I have only been on the Forum since late 2012 (I think you joined the same year, Tom) but I don't feel myself qualified to comment on the reasons for the decline of membership or lack of posting...I'll leave that up to the guys that have been around forever. I can tell you that I'm on the Forum almost every day and I see more and more junk being posted...games, jokes, cartoons, word games, etc. The controversial topics are top of my list for not participating. Long threads covering nothing but opinion are right up there also. Some, I'm sure, have dropped below the radar because of the CNC posts (BTW, I don't agree with that). I have joined other forums and even as a member, I generally lurk until something comes up...that doesn't make me a bad member or it a bad forum...I'm still learning...

I respond mostly to those posts that ask questions that I can answer, welcoming new members and helping to troubleshoot when I can. Having said that, if a question has already been answered I typically don't post anything more in that thread unless it's additive. I assume other members feel the same way...if it's answered, what else is there to add...?

If Stick had posted only one chart and it answered the OP's question, I suspect there would not have been anymore posts anyway. In all honesty, I used to skip over your 17 post but it didn't stop me from participating in the thread...I just didn't read that particular post. Having said that, I copied your 18 post into a document and stored it along with all the others that Stick and others have posted. So I can't say all those efforts that members have put into them has gone by unappreciated. I have a whole library of documents and complete threads by subject just so I can refer to them. 

I suspect the old-time members have their own reasons for not participating. Some of it may be that there just isn't anything new to talk about. No thread is started that hasn't already been started. But members, even the oldies, patiently respond to a newcomer anyway. (The Search function "draws a vacuum")

From a newcomer's perspective it is difficult to start threads because many of them just don't know enough yet...other than the problem they may be having or looking for suggestions. I joined a forum a few months ago and I find that as they discuss products and models, I just can't contribute. I contribute where I can but I'm certainly not a super-poster like you old-timers. Besides...us newbies generally become members to learn (the old two ears, one mouth theory)

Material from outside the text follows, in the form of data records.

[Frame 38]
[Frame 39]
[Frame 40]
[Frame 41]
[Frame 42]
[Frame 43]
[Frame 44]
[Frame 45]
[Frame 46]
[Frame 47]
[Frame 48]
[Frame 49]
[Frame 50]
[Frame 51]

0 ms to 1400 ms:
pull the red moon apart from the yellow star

I also don't bring up certain subjects on this forum because I have learned that it only draws negative comments. For example, I've been using a RAS since about 1980 where I've ripped with it, made tongue and groove in hardwood planks, dado's and grooves and even so far as cutting coves much like has been described here with the table saw. We all make do with what we have.

To what I described above, and your own opinions and observations, I would add that pressuring newcomers to post their pics of their projects, shops and tools is a bit much. Imagine how a newcomer feels while they're starting their projects or tool shopping and we pressure them for pics...knowing they've made mistakes or feeling bad for buying inexpensive tools that they find out about only after they've been on for a bit. Yes, in lots of cases a tool is condemned with no explanation or basis. How do you suppose the new member feels about posting questions related to their tool at that point. On the other hand when a member gets a response that describes poor customer service, parts availability, quality (based on VOE), etc. I'm sure they appreciate it and will not make the same mistake. What about all the bad links that have been posted...or sent to ereplacements.com only to find their tool is not there...? Haven't you also noticed how many times an answer is just plain wrong...?

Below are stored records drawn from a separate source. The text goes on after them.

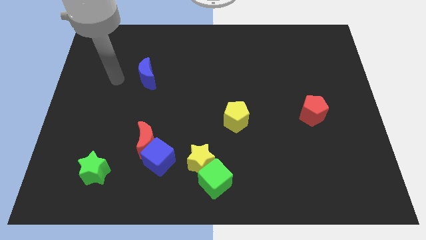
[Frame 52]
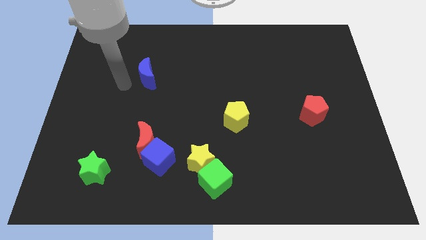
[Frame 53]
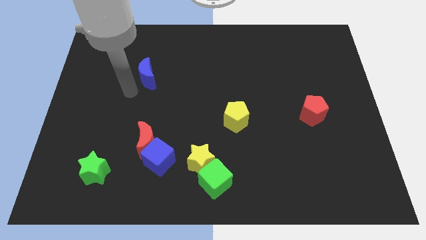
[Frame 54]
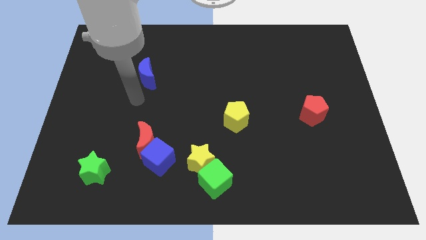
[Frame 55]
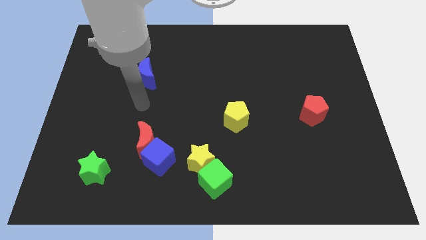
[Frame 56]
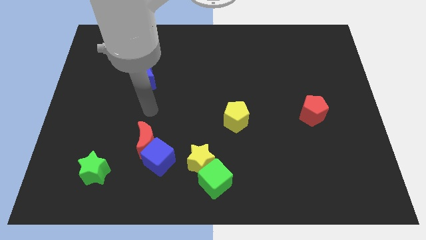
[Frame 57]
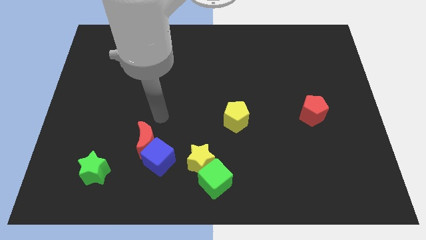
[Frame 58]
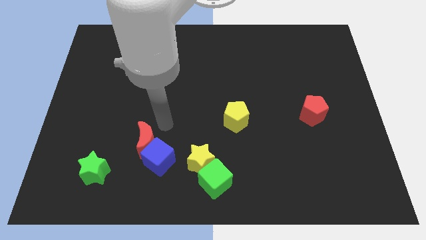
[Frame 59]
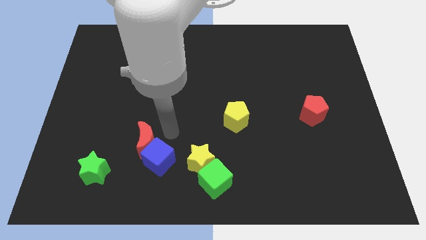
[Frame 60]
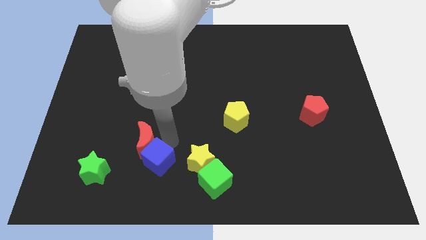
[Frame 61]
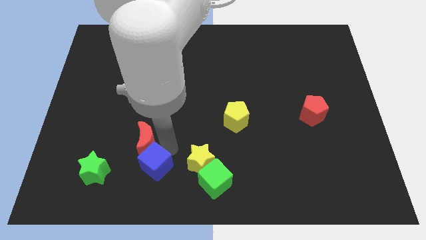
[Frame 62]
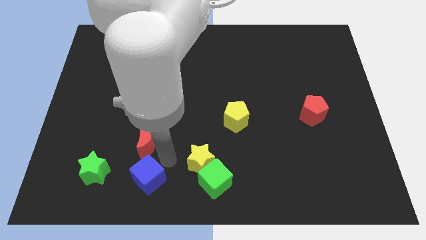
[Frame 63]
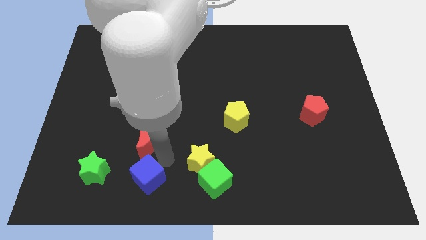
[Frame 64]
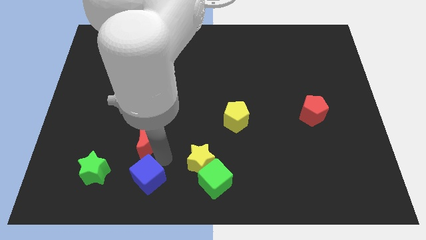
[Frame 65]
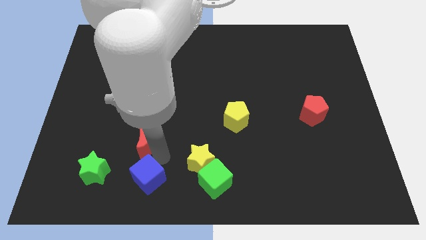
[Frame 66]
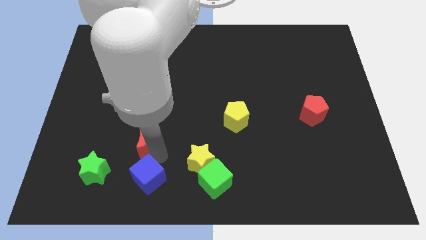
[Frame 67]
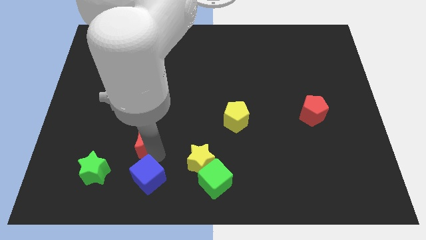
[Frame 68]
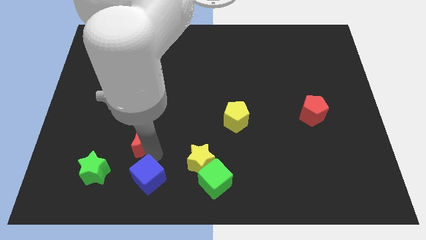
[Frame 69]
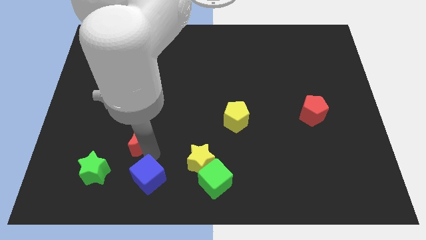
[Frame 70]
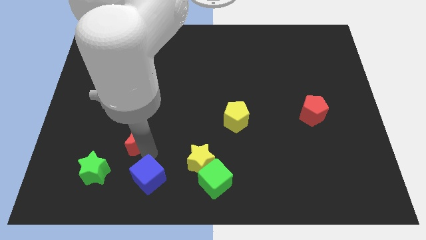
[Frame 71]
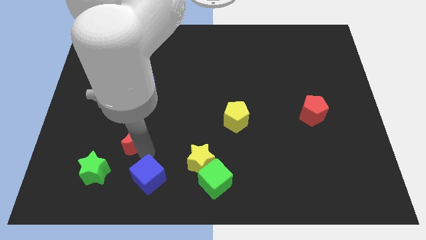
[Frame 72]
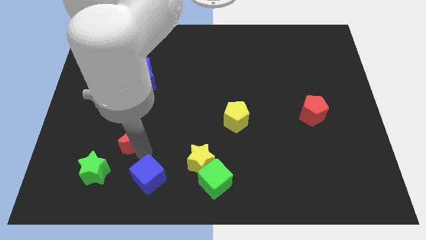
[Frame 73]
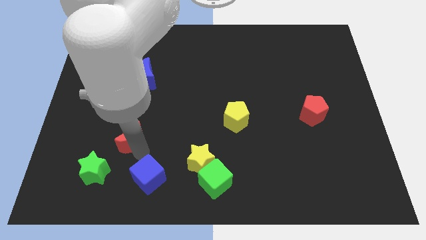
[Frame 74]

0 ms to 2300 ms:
move the red moon away from the blue cube

Members will come and go...others will not do as much woodworking as in the past, newcomers might feel they don't have anything to add, some will be scared to post their projects because they might believe they don't stand up to others that have been posted...lots of reasons...

I would suggest that you Forum Contributors pool your thoughts and come up with the top reasons people might not participate and put them in the form of a poll vote. Then you guys can get together and do something about "the winners"... Assuming something needs to be done..."do nothing" is always an option and sometimes it's the best option.

Just thinkin' out loud...not at all presuming I have a better opinion than anyone else...just trying to be additive.


----------



## Stick486 (Jan 4, 2013)

@DesertRatTom..

over the years I've received many thank yous publicly and privately for those PDF's along w/ requests to keep them coming...
this has encouraged me to fine tune/expand them and improve availability...
(see the welcome and DC stickies)

now you tell me that answering questions is a thread killer..
this a 1st and that I should cease and desist......
oh my...
are you asking/telling me that I should join the realm of non-posting old timers???
N*W!!!

FWIW...
that annoying long list of speed PDF's are from different manufactures and covers different models of machines...
now the reader/member gets to pick the PDF that applies best to them... 
IWTB that you have benefited from my PDF's, so why shouldn't others...


----------



## DaninVan (Jan 1, 2012)

Excellent comment, Nick! You put a lot of thought into that.
I couldn't find a single thing that I didn't think "Yeh; good point"


----------



## TwoSkies57 (Feb 23, 2009)

This place just can't help but to feed upon itself!!!!!!


----------



## harrysin (Jan 15, 2007)

DaninVan said:


> There's a rumor that you can't take 'em with you.
> Harry; Stick has posted enumerable pics of his tools and storage solutions over the past years. I'm not wasting my time looking for the uploads, but they're there. I don't understand how you could have missed seeing them(?).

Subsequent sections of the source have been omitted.